Leave out the pictures. Return every record otherwise untouched.

[Opening DATA EXCERPTS section]

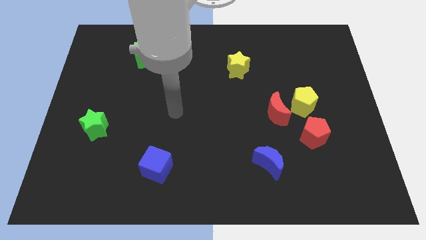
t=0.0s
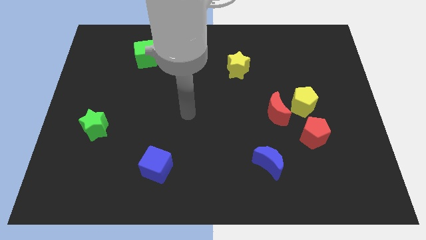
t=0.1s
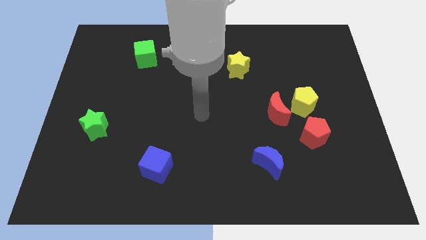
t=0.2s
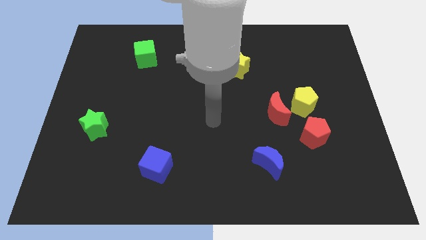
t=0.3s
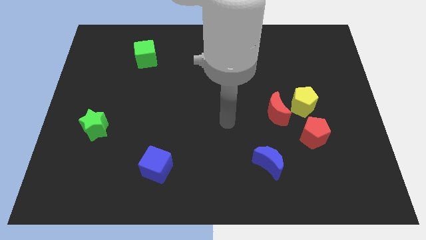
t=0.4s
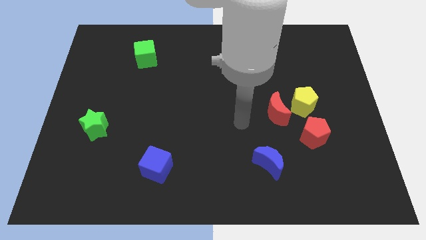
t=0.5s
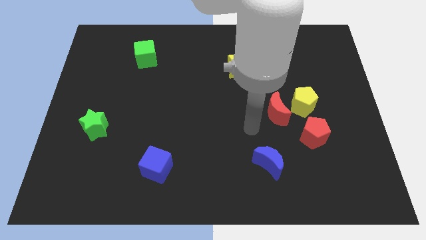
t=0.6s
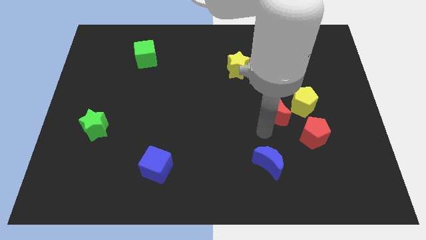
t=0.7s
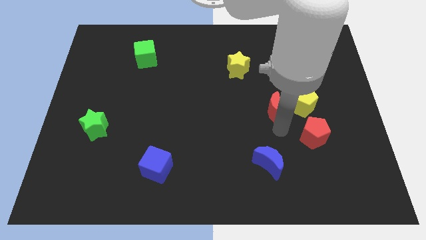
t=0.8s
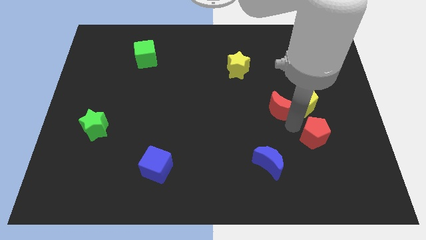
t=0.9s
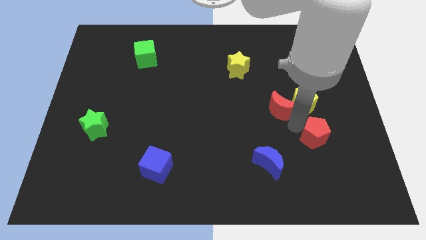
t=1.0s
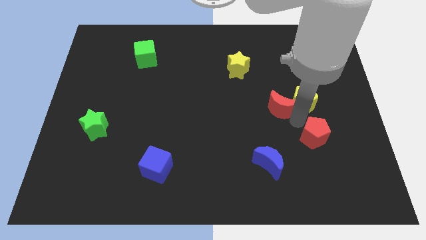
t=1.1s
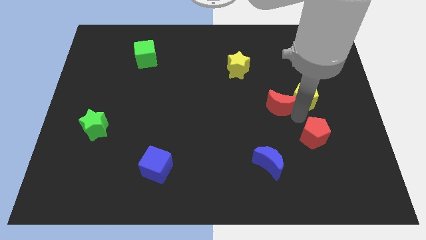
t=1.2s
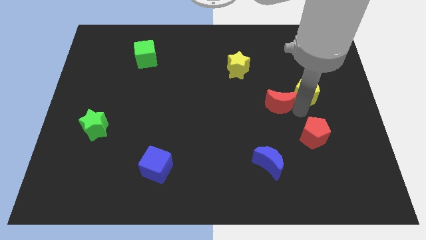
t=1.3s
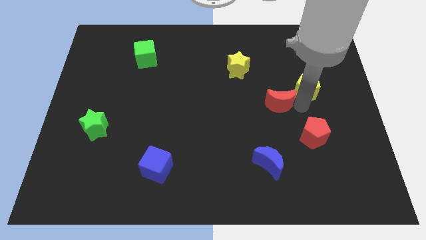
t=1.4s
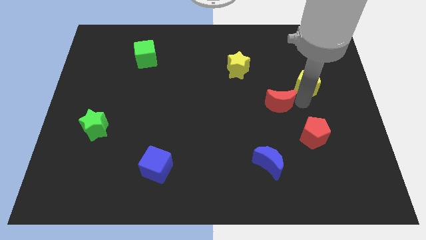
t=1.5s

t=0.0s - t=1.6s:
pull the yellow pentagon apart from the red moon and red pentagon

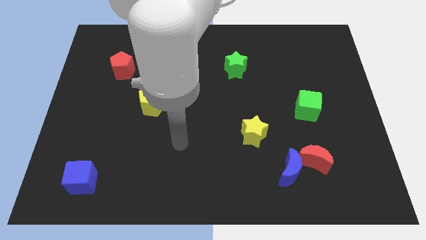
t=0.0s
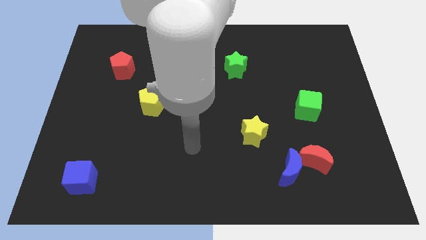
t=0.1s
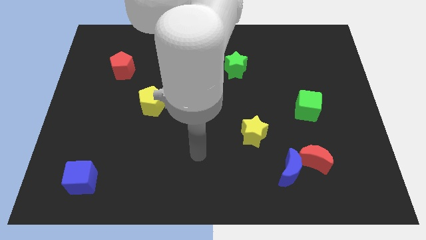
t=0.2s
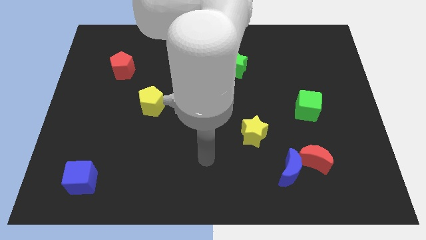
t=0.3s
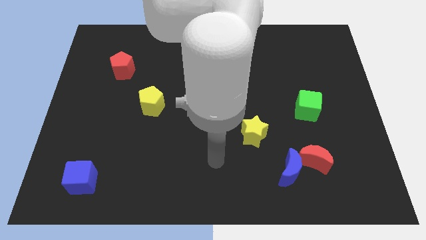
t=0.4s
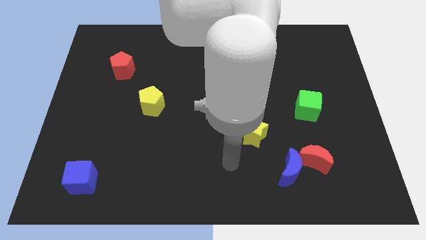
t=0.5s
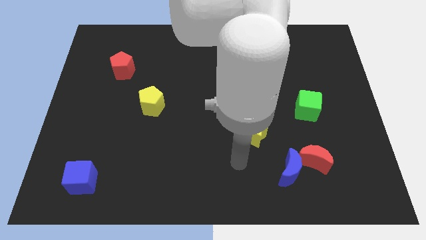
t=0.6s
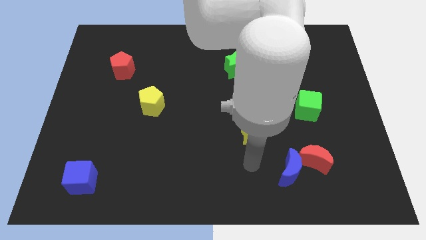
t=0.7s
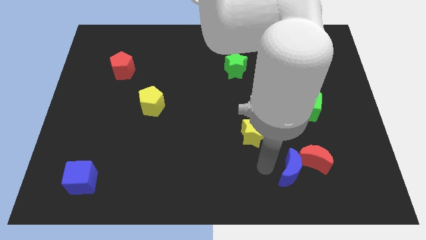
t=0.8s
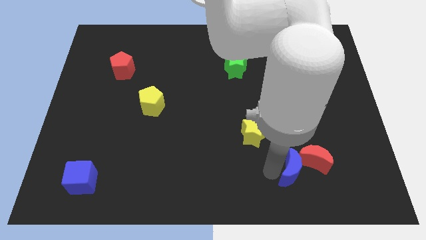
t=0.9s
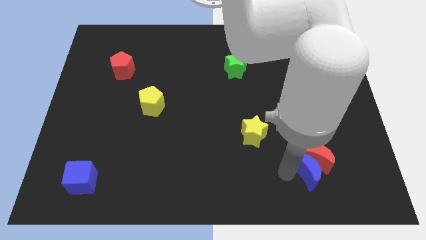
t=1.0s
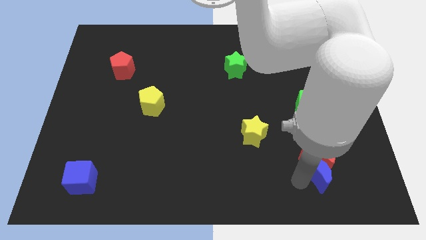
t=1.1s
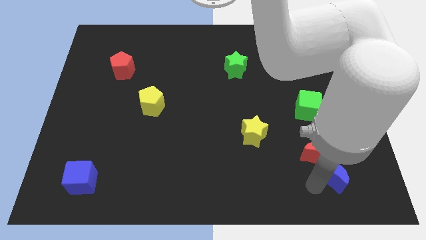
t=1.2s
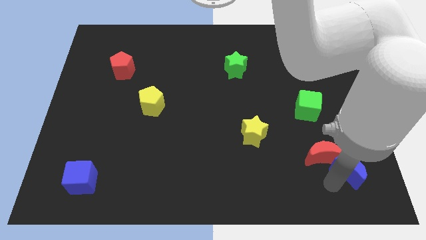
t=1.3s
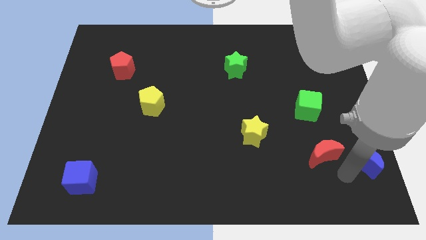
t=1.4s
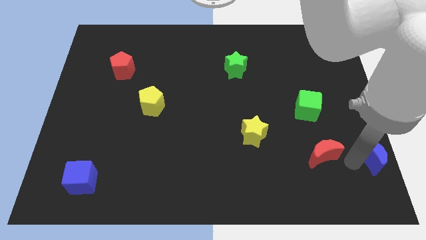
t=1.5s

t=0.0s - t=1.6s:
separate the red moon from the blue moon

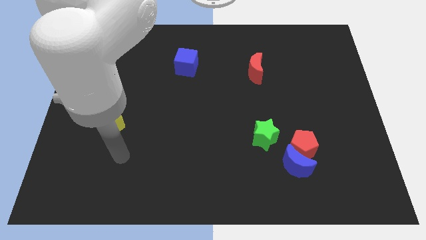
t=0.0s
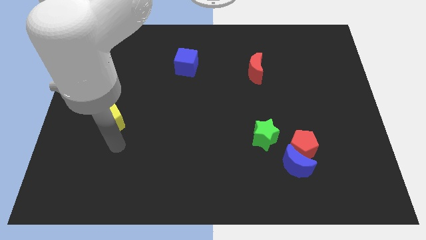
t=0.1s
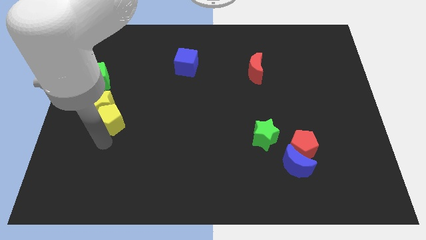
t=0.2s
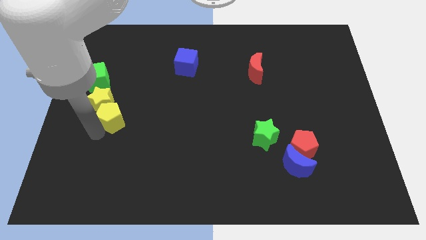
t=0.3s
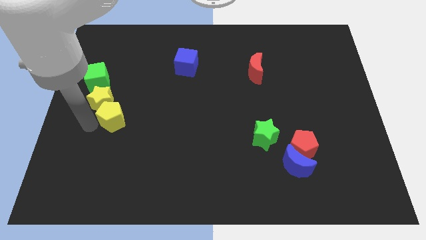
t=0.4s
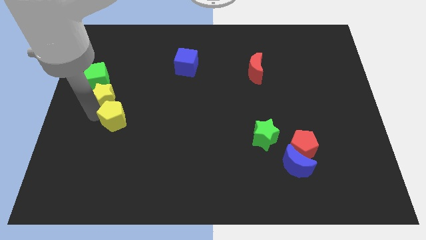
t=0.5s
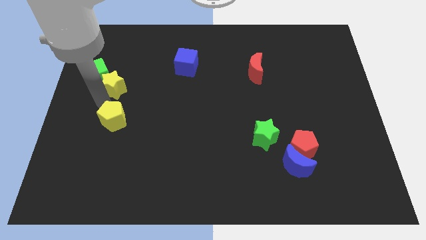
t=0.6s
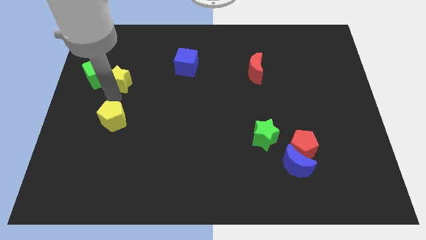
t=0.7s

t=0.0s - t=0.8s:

[Closing DATA EXCERPTS section]

RESULT OF THIS TASK:
t=0.0s
t=0.1s
t=0.2s
t=0.3s
t=0.4s
t=0.5s
t=0.6s
t=0.7s
t=0.8s
t=0.9s
t=1.0s
t=1.1s
t=1.2s
t=1.3s
t=1.4s
t=1.5s

t=0.0s - t=1.6s:
pull the yellow pentagon apart from the red moon and red pentagon

t=0.0s
t=0.1s
t=0.2s
t=0.3s
t=0.4s
t=0.5s
t=0.6s
t=0.7s
t=0.8s
t=0.9s
t=1.0s
t=1.1s
t=1.2s
t=1.3s
t=1.4s
t=1.5s

t=0.0s - t=1.6s:
separate the red moon from the blue moon

t=0.0s
t=0.1s
t=0.2s
t=0.3s
t=0.4s
t=0.5s
t=0.6s
t=0.7s

t=0.0s - t=0.8s:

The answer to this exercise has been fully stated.